È un approccio un po’ diverso dal solito lavoro e mi piace molto: prima immagino una linea creativa da seguire, realizzo le mie clip con After Effects e Cinema 4d, prendo l’aereo, vado alla serata, mando le mie clip con un programma in grado di creare on-the-fly degli effetti grafici (si chiama VDMX), bevo qualche birra, vado in hotel, prendo l’aereo e torno a casa.
Questo è ancora quello che vorrei fare nella vita, magari per band enormi. E prima o poi il signor Chemical Brothers magari mi risponde.

Occhioni azzurri, barbetta incolta e sorriso malizioso. Sei un uomo. Un bell’uomo. Se quell’affascinante uomo alza lo sguardo e prova scrutare più in là cosa vede?

Glisso amabilmente sull’inizio della domanda perché mi imbarazza molto. Però, insomma, grazie, la mia autostima ringrazia molto.
Sai quella cosa degli obbiettivi che ti dicevo poco più su. Ecco, io penso che bisogna continuamente alzare l’asticella per essere contenti. E quindi a volte penso a New York. E tante volte penso ai Chemical Brothers (mi leggete?). Ancora più in là penso a Cagliari, che il massimo della vita sarebbe essere riconosciuto come un professionista a livello internazionale e poter aprire uno studio mio in riva al mare, che vuoi mettere fare delle conference call con un’Ichnusa e i piedi all’aria calda della Sardegna?

Se ti dico “Splash” cosa ti viene in mente?
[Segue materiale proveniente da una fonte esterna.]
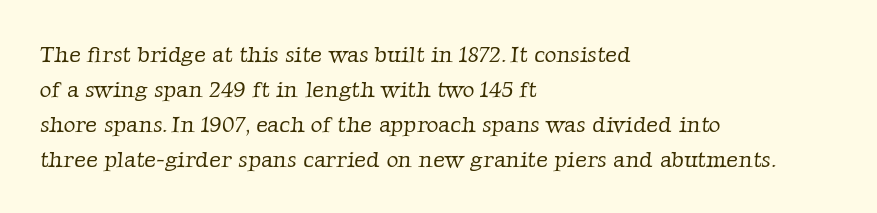
Summary of weight: not heavy and not bold. Leading: standard. The passage shown is not underscored anywhere. Each word holds together tightly as a unit, with standard inter-letter gaps. The lines are quadded left.
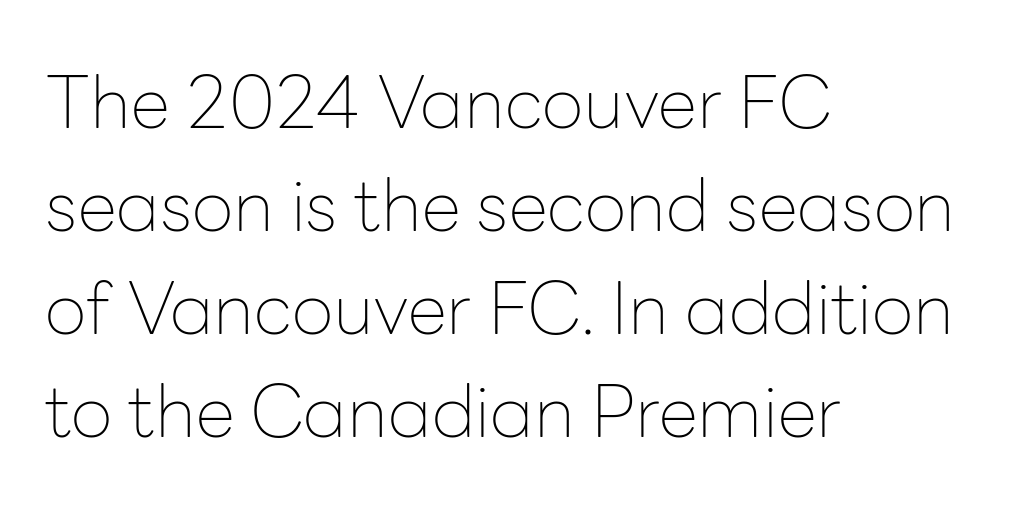
Q: Is the text bold? A: No.
Q: Is the text italic (slanted)? A: No, it is upright.
Q: Is the typeface a serif or a sans-serif typeface? A: Sans-serif.
Q: Is the text underlined? A: No.
Q: How is the paragraph aligned? A: Left-aligned.
Q: Is the spacing between letters normal or unusually wide? A: Normal.
Q: Is the spacing between lines tight, normal or loose? A: Normal.
Q: Width (condensed, normal, or wide)? A: Normal.
Q: Stroke contrast? A: Low.
Q: x-height? A: Medium.
Q: Monospaced? A: No.
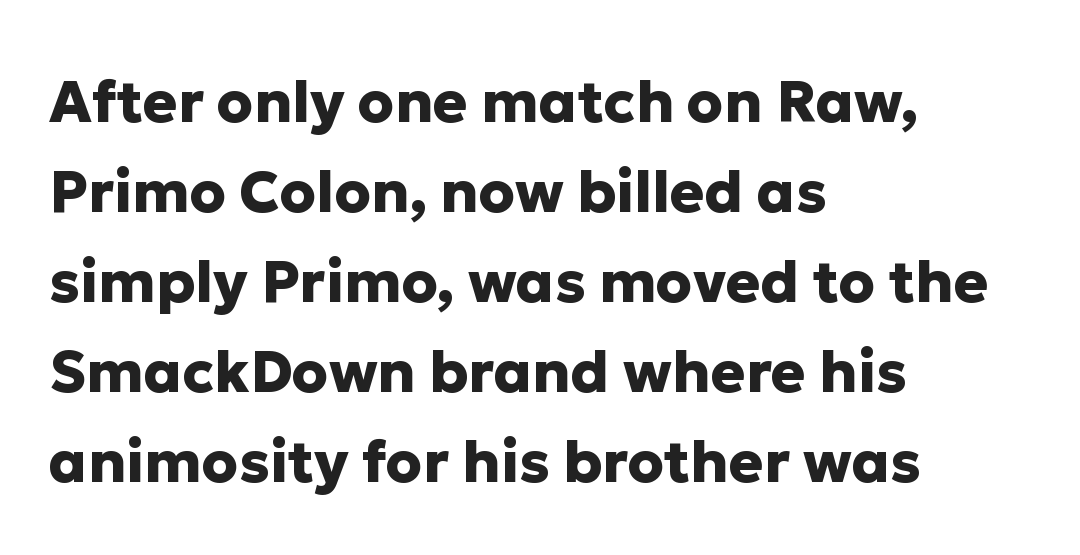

Mi viene in mente quando ero bambino ed ero in montagna con i miei genitori e ho messo un piede in una mega cacca di mucca e poi mi hanno lavato le gambe dentro al lago Nambino, perché, sì, avevo la merda fino alle ginocchia.
Penso all’estate e i gavettoni e Sabrina Salerno che fa il concorso di miss maglietta bagnata. O forse Samantha Fox. Ok, i miei riferimenti culturali sono abbastanza anni 80, lo ammetto. E decisamente tettuti.
Penso a Pollock e all’action painting, alla mostra che c’è adesso alla Tate Modern e non sono andato ancora a vedere, mannaggia.
Splash. Un mega orgasmo. Ma di quelli giganti che tolgono il fiato e ribaltano gli occhi. E poi devi girare il materasso.
Penso a Drop che è una canzone dei Cornelius che mi piace tanto e c’è il video proprio bello.
Penso all’inchiostro nell’acqua e di quella volta che ho fatto un video per il Principe di Savoia. Non il signore eh, l’albergo.
Penso allo schiaffo che ti fa fare prendere delle decisioni un po’ grosse e la guancia fa male ancora e però a volte sorridi lo stesso.
In realtà la prima cosa che m’è venuta in mente è la barzelletta più brutta del mondo, quella dell’uomo che entra in un caffè. Scusa.